# what size glass for scary sharp?



## Paul W Gillespie (Jul 7, 2011)

I know I can use any size but I just got a price for a couple sizes at a glass place. One is 12"x24"x1/4" for $13.04. The other size I asked about is 12"x30"x1/4" for $16.30. Prices seem fair? Is 1/4" thick OK? 3/8 would be special order and take two weeks.


----------



## Paul W Gillespie (Jul 7, 2011)

Should I go bigger?


----------



## Gilgaron (Mar 16, 2012)

Why would you need it so much larger than a full sheet of sandpaper?


----------



## Paul W Gillespie (Jul 7, 2011)

So I can put multiple grits on it and not need to switch them.


----------



## Dave Paine (May 30, 2012)

I think 1/4in is thick enough. You can always use a piece of MDF underneath for increased support.

Are you planning on having several strips in a row?

I think the 24in wide should be adequate.

I started by gluing the paper down. In my case a granite slab.

I then read about just wetting the back side of the paper. Works very well. Allows me to put down a grit, then switch to the next grit very easily, and no need to clean the glue.


----------



## Chuck M (Dec 21, 2010)

I have a old glass door from an entertainment center. It is 18"x36"x 3/16" I like its size because I can have all my grits out at once.

based on that I would go with the 12x30.


----------



## Wrangler02 (Apr 15, 2011)

I use a 4" x 9" piece of 1/4" mirror. The guy at the hardware store gave it to me. A 1/4 sheet of sandpaper fits OK. I don't glue the sheets to the glass; but wet the back of the paper and it sticks well enough.


----------



## WillemJM (Aug 18, 2011)

I don't use glass, due to risk of breaking in storage, or use.

You can pick-up a scrap piece of granite plate from a cabinet company, or slab merchant, or you can buy a granite plate for around $20.


----------



## railaw (Nov 15, 2011)

I have a 1/4" 18 x 30" ish piece of glass from a storm door and it's unwieldy in the tiny corner of a basement that is my work area. On a related note, if you don't mind, how does one deal with flattening a plane sole when it's larger than a sheet of sandpaper? 

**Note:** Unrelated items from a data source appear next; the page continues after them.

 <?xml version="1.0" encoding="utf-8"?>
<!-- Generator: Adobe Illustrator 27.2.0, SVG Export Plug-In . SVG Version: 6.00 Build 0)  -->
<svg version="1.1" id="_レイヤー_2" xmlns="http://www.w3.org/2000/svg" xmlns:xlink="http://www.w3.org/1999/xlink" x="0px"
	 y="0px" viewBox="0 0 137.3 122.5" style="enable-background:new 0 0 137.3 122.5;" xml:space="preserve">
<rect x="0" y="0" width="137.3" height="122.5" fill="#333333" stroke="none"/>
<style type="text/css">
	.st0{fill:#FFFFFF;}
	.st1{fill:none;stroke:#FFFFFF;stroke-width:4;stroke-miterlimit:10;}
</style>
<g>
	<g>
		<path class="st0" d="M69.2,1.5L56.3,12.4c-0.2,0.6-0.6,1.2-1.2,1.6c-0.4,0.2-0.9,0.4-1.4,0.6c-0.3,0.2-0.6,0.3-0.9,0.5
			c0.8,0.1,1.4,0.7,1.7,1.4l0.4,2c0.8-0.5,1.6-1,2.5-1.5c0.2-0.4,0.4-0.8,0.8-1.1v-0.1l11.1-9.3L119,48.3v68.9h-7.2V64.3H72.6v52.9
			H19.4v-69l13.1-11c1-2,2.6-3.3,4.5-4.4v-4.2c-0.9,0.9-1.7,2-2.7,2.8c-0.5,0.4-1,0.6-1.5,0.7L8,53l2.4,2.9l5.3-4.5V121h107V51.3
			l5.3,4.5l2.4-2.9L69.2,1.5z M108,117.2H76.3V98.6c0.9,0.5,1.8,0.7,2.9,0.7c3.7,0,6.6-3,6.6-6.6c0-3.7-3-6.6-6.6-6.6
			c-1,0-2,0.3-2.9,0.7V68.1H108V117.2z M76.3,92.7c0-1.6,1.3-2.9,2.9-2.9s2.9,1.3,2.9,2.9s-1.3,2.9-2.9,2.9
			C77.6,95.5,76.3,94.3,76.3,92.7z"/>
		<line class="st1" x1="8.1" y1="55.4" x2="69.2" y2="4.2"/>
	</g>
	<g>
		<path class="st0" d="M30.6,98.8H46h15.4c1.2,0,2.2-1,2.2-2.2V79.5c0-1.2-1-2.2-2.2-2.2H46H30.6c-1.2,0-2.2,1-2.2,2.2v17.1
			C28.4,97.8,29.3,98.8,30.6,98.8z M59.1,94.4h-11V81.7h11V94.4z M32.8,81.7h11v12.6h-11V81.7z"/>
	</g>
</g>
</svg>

Also, my lower grit papers tend to curl on the ends, making it hard to keep it flat on the glass. Anyone have a way of dealing with that?


----------



## Dave Paine (May 30, 2012)

railaw said:


> I have a 1/4" 18 x 30" ish piece of glass from a storm door and it's unwieldy in the tiny corner of a basement that is my work area. On a related note, if you don't mind, how does one deal with flattening a plane sole when it's larger than a sheet of sandpaper?
> 
> Also, my lower grit papers tend to curl on the ends, making it hard to keep it flat on the glass. Anyone have a way of dealing with that?


I would use two pieces of paper placed end to end.

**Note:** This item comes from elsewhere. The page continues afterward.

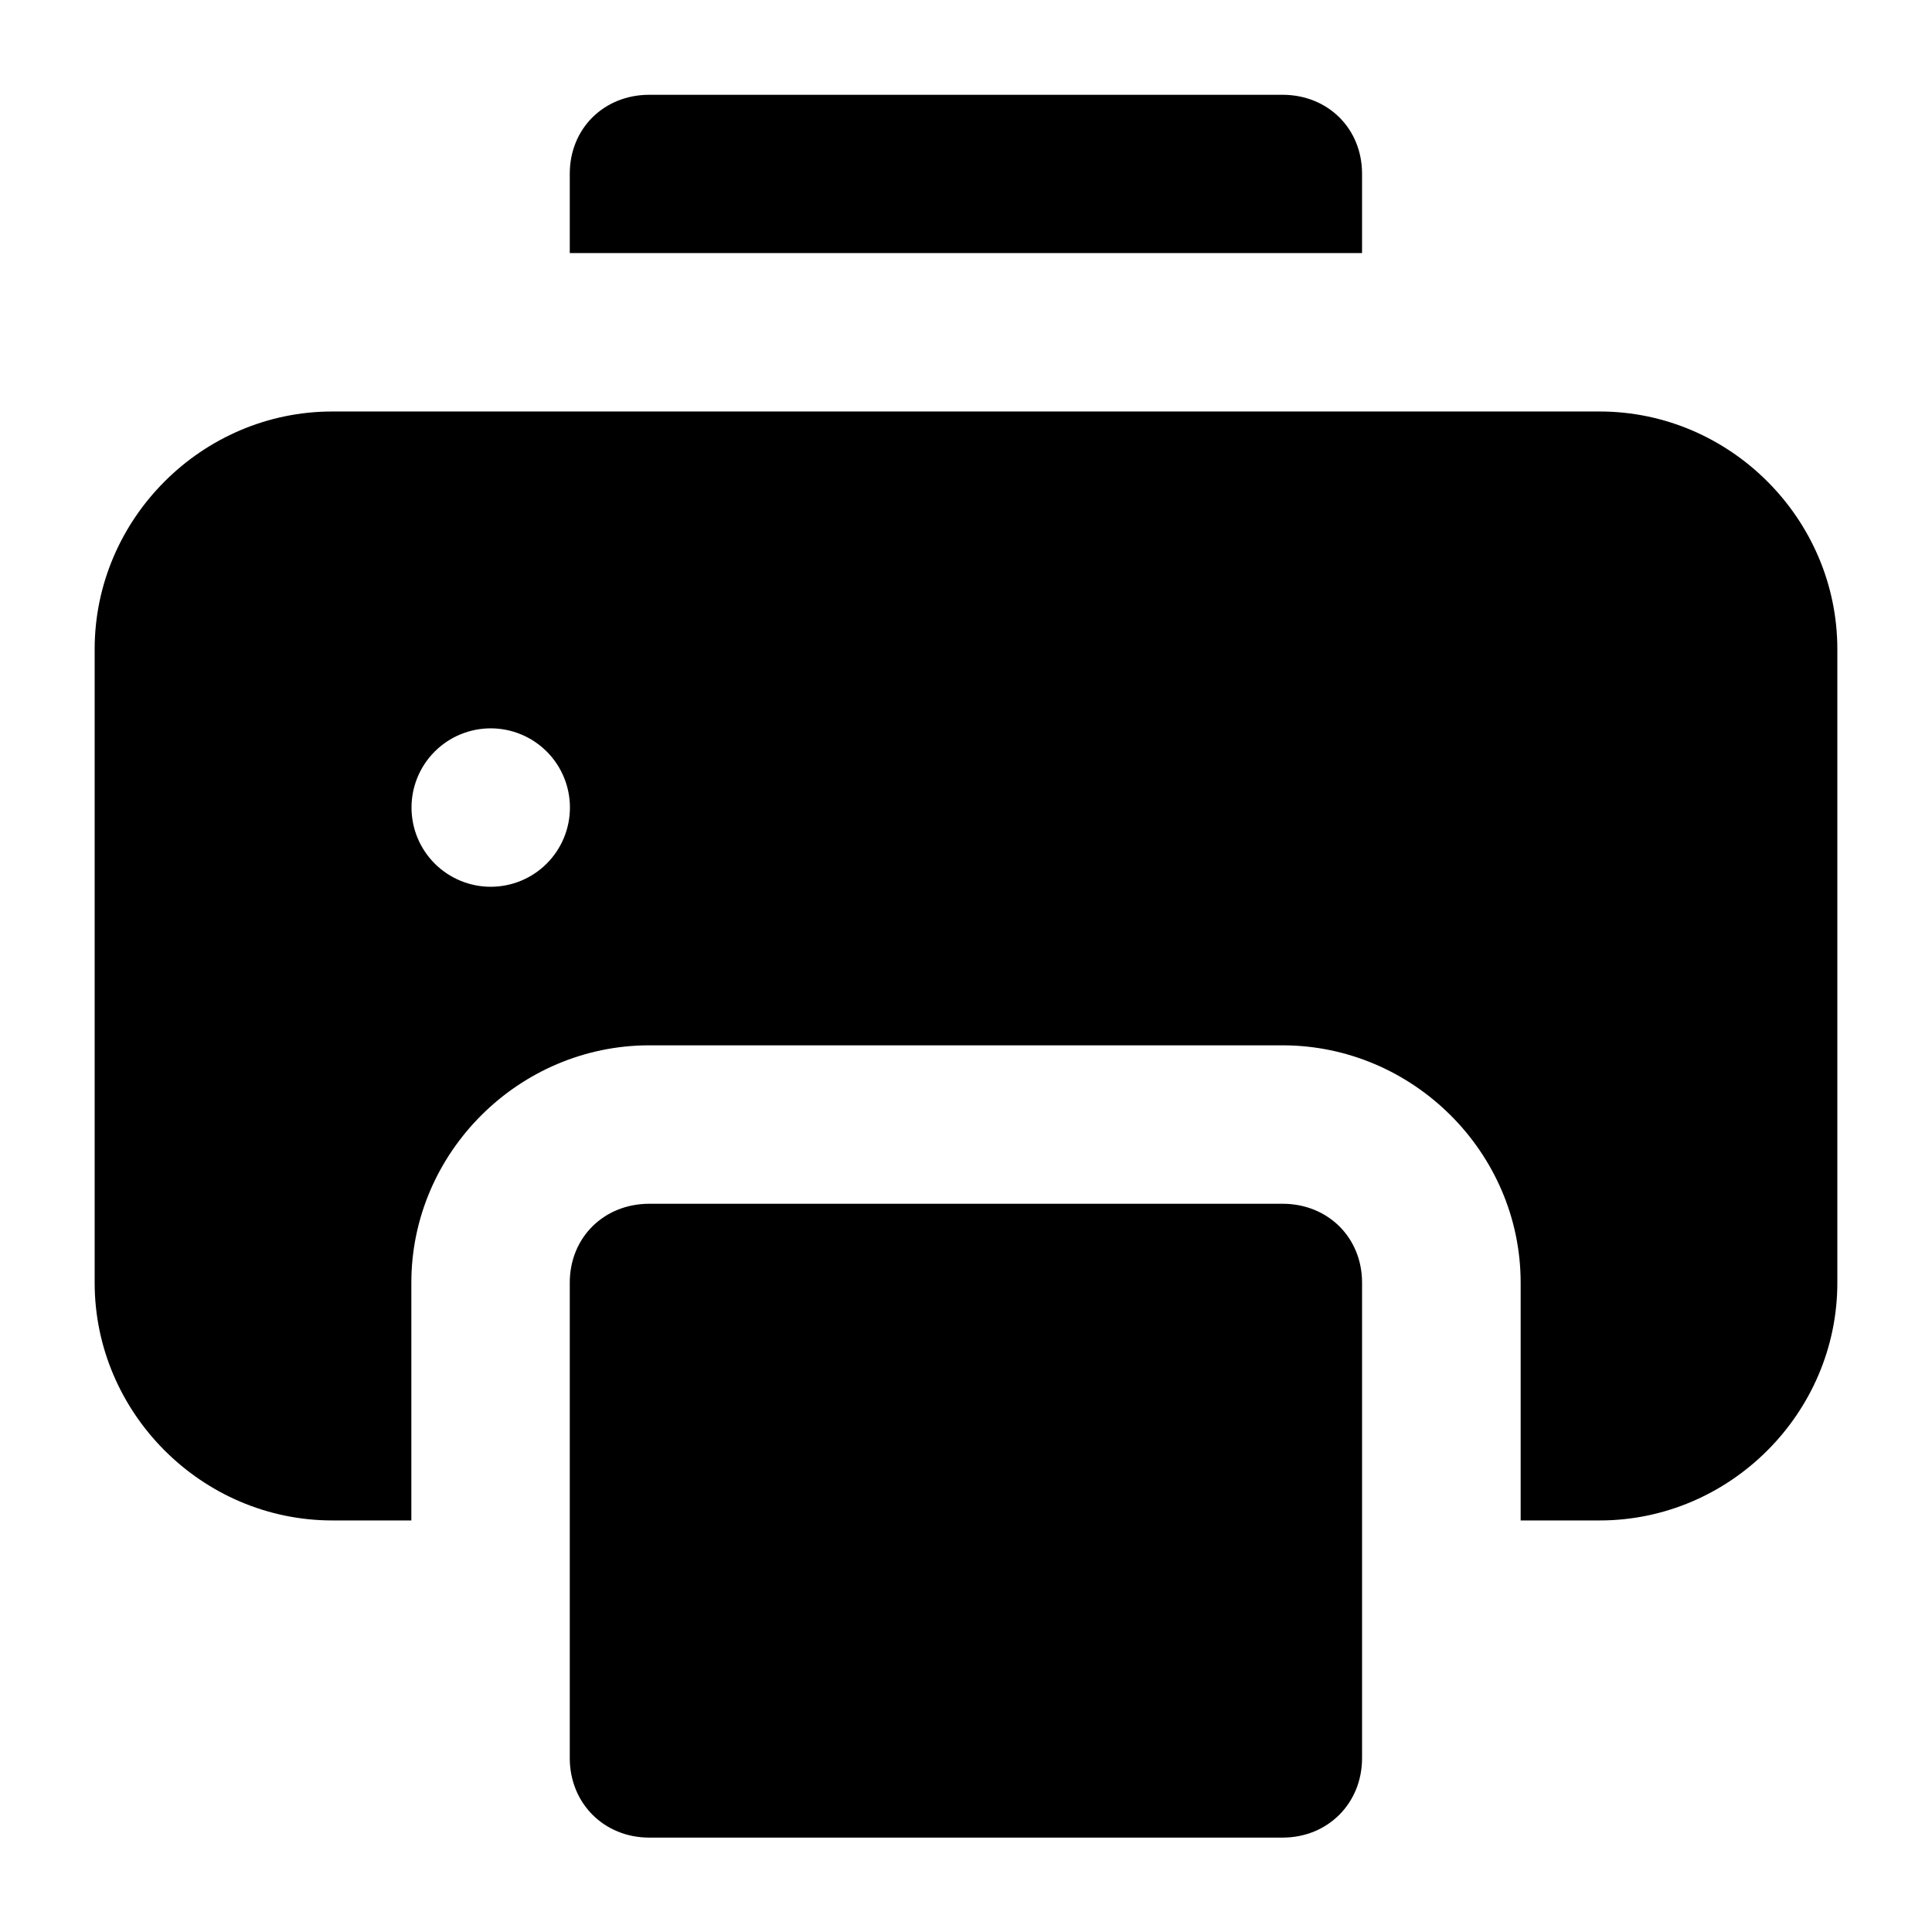 <?xml version="1.0" encoding="UTF-8"?>
<!-- The Best Svg Icon site in the world: iconSvg.co, Visit us! https://iconsvg.co -->
<svg fill="#000000" width="800px" height="800px" version="1.1" viewBox="144 144 512 512" xmlns="http://www.w3.org/2000/svg">
 <path d="m316.07 169.12c-11.992 0-21.074 8.918-21.074 20.91v21.035h209.96v-21.035c0-11.992-9.078-20.91-21.07-20.91zm-84.008 83.93c-34.527 0-62.977 28.449-62.977 62.977v167.93c0 34.527 28.449 62.977 62.977 62.977h20.949v-63.016c0-34.527 28.535-62.895 63.059-62.895h167.82c34.523 0 63.098 28.367 63.098 62.895v63.016h20.949c34.527 0 62.977-28.449 62.977-62.977v-167.93c0-34.527-28.449-62.977-62.977-62.977zm41.984 83.969c5.566 0 10.906 2.211 14.844 6.148s6.148 9.273 6.148 14.844c0 5.566-2.211 10.906-6.148 14.844-3.938 3.934-9.277 6.148-14.844 6.148s-10.906-2.215-14.844-6.148c-3.938-3.938-6.148-9.277-6.148-14.844 0-5.57 2.211-10.906 6.148-14.844s9.277-6.148 14.844-6.148zm42.023 125.99c-11.992 0-21.074 8.918-21.074 20.91v125.99c0 11.992 9.082 21.074 21.074 21.074h167.82c11.992 0 21.07-9.082 21.07-21.074v-125.99c0-11.992-9.078-20.91-21.07-20.91z" fill-rule="evenodd"/>
</svg>

For the curling, you may end up resorting to spray adhesive. Worked for me, just a pain to clean when replacing the paper.


----------



## firemedic (Dec 26, 2010)

Paul, I've found it works best for me to use a smaller slab... About the same size as the paper. It's easier to manage getting to all four sides. Maybe I'm quirky?


----------



## jigs-n-fixtures (Apr 28, 2012)

McFeely's sells 6-inch by 5-meter rolls of abrasive in a range of grits.

Sent from my iPhone using Wood Forum


----------



## railaw (Nov 15, 2011)

What spray adhesive do yu use? I had some 3m photo mount for poster boards laying around bt it wasn't up to the job.


----------



## Dave Paine (May 30, 2012)

railaw said:


> What spray adhesive do yu use? I had some 3m photo mount for poster boards laying around bt it wasn't up to the job.


Mine is a can of Duro All-Purpose Spray Adhesive.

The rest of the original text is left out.